Reprezentant Chorwacji w Lechu Poznań. Ma wzmocnić obronę
Obrona nie była ostatnio najmocniejszą stroną Lecha Poznań, dlatego działacze postanowili ją wzmocnić w trakcie styczniowego okna transferowego. Najpierw zakontraktowano Bartosza Salamona, teraz przyszedł czas na Antonio Milicia.
Trener Dariusz Żuraw miał o czym myśleć, patrząc jesienią na grę swoich obrońców. W PKO Ekstraklasie jego drużyna straciła aż 22 bramki w 14 meczach. Gorszy wynik osiągnęły tylko Jagiellonia Białystok, Stal Mielec i Podbeskidzie Bielsko-Biała. Co za tym idzie, wzmocnienie obrony stanowiło priorytet dla "Kolejorza".
ZOBACZ TAKŻE: Jakub Moder już od stycznia w Brighton!
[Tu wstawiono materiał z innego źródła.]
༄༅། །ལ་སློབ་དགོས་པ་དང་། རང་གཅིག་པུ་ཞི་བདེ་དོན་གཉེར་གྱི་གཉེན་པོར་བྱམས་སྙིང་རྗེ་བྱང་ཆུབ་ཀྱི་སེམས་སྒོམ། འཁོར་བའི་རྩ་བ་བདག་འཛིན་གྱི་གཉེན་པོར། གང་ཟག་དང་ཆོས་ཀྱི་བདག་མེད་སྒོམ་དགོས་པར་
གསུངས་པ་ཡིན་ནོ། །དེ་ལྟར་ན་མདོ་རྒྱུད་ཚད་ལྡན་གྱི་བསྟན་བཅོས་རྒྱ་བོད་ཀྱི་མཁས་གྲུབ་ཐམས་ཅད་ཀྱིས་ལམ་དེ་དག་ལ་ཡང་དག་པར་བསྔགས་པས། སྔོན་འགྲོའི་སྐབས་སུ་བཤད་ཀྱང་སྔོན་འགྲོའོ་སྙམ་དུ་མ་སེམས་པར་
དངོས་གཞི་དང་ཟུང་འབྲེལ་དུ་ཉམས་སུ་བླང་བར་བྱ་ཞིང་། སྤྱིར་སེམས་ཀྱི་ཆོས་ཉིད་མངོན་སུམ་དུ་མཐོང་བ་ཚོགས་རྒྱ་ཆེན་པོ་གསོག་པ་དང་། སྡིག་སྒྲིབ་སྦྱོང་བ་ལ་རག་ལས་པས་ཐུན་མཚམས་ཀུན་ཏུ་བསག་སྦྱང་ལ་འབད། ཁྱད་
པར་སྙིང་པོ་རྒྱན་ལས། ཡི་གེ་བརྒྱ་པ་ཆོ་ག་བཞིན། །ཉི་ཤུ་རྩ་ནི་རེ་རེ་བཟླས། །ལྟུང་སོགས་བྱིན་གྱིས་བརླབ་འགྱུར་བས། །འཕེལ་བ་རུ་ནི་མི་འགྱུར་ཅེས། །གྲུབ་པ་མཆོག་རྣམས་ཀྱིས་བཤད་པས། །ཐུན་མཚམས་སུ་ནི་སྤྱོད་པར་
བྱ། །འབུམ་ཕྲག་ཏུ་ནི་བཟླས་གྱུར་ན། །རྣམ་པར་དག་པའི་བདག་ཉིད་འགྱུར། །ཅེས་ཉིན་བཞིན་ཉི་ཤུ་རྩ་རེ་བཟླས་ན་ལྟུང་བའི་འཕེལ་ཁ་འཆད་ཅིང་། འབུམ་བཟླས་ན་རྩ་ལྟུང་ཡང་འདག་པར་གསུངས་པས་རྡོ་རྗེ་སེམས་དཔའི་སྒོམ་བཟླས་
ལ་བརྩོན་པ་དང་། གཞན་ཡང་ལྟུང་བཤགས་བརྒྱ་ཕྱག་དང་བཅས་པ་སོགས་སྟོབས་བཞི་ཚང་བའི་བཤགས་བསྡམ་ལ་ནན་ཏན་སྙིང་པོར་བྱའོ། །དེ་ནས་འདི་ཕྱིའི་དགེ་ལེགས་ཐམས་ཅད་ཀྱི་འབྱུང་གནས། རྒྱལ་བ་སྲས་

W Poznaniu najpierw pojawił się Bartosz Salamon, który przez wiele lat grał we Włoszech i był w kadrze na Euro 2016. Kolejnym nowym obrońcą Lecha Poznań został Milić. Chorwat podpisał 2,5-roczny kontrakt.
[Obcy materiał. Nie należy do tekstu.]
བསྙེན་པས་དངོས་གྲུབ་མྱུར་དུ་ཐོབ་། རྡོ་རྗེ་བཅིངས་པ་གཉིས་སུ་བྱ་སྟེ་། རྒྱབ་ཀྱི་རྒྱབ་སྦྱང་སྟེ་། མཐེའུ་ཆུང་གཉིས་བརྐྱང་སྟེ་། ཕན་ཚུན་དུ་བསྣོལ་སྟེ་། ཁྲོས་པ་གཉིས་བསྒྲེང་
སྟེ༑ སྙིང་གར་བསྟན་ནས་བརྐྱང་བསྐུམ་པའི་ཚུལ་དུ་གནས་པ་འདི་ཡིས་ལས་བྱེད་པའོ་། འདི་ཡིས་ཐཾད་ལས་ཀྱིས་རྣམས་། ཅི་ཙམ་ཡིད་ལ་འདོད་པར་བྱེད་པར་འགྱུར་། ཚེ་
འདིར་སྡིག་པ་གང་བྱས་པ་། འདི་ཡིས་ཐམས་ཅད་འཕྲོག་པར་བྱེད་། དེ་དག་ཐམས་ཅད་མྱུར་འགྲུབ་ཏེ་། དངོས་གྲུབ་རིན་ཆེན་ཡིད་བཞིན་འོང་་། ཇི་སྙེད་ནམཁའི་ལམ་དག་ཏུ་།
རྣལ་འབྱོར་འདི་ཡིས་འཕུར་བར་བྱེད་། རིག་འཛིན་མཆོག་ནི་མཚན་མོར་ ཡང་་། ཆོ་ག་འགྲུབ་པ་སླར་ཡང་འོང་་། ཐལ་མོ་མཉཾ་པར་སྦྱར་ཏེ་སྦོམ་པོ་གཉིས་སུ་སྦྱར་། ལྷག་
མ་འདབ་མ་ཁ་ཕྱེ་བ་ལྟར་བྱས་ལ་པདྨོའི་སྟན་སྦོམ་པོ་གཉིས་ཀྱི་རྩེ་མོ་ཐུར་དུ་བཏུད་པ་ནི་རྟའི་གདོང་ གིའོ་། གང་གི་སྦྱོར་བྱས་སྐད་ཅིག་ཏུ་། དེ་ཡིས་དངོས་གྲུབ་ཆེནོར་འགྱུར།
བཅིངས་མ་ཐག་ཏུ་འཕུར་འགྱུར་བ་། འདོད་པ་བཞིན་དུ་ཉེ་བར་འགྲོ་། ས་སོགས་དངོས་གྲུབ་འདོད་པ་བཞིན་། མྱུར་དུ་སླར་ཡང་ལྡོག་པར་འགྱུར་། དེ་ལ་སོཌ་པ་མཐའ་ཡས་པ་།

- W mojej dotychczasowej karierze występowałem na trzech różnych pozycjach w linii defensywy, jednak tą wiodącą w moim przypadku jest środek obrony i tam najbardziej lubię grać. Gdyby jednak klub potrzebował, abym biegał na lewej stronie, też nie będzie z tym problemu. Lubię, kiedy zespół, w którym jestem chce grać w piłkę i dominować na boisku. Dlatego zdecydowałem się na transfer do Lecha, bo słyszałem, że jest drużyną, która właśnie taki styl preferuje. Wiem też, że jest jednym z największych klubów w Polsce i zawsze chce walczyć o najwyższe cele w lidze, co bardzo mi odpowiada - powiedział Chorwat cytowany przez oficjalną stronę Lecha Poznań.
Milić jest wychowankiem Hajduka Split. W 2015 roku wyjechał do Belgii, gdzie występował w KV Oostende i Anderlechcie Bruksela. W międzyczasie spędził sezon na wypożyczeniu w Rayo Vallecano. W swojej karierze rozegrał trzy mecze w reprezentacji Chorwacji.